_Problem requirements:_ Leaving out the pictures, write the following records exactly as they read.

_Records for this task:_
□ □ □

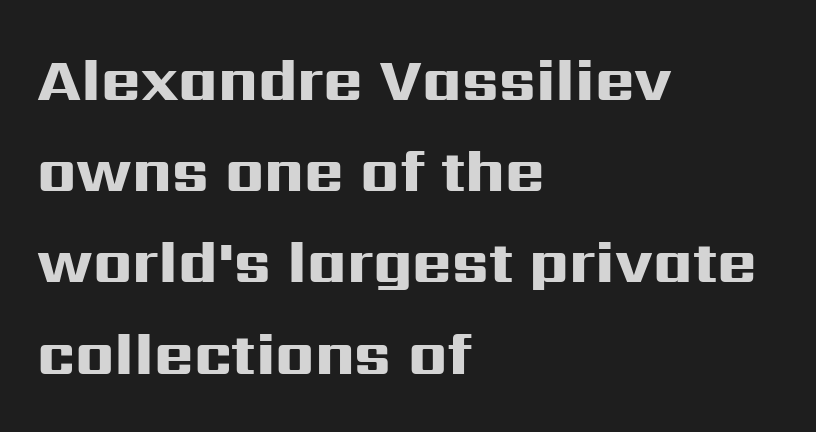
Q: Is the text bold? A: Yes.
Q: Is the text italic (slanted)? A: No, it is upright.
Q: Is the typeface a serif or a sans-serif typeface? A: Sans-serif.
Q: Is the text underlined? A: No.
Q: How is the paragraph aligned? A: Left-aligned.
Q: Is the spacing between letters normal or unusually wide? A: Normal.
Q: Is the spacing between lines tight, normal or loose? A: Normal.
Q: Width (condensed, normal, or wide)? A: Wide.
Q: Stroke contrast? A: High.
Q: x-height? A: Medium.
Q: Monospaced? A: No.

□ □ □

_Solution to the problem:_
Q: Is the text bold? A: Yes.
Q: Is the text italic (slanted)? A: No, it is upright.
Q: Is the typeface a serif or a sans-serif typeface? A: Sans-serif.
Q: Is the text underlined? A: No.
Q: How is the paragraph aligned? A: Left-aligned.
Q: Is the spacing between letters normal or unusually wide? A: Normal.
Q: Is the spacing between lines tight, normal or loose? A: Normal.
Q: Width (condensed, normal, or wide)? A: Wide.
Q: Stroke contrast? A: High.
Q: x-height? A: Medium.
Q: Monospaced? A: No.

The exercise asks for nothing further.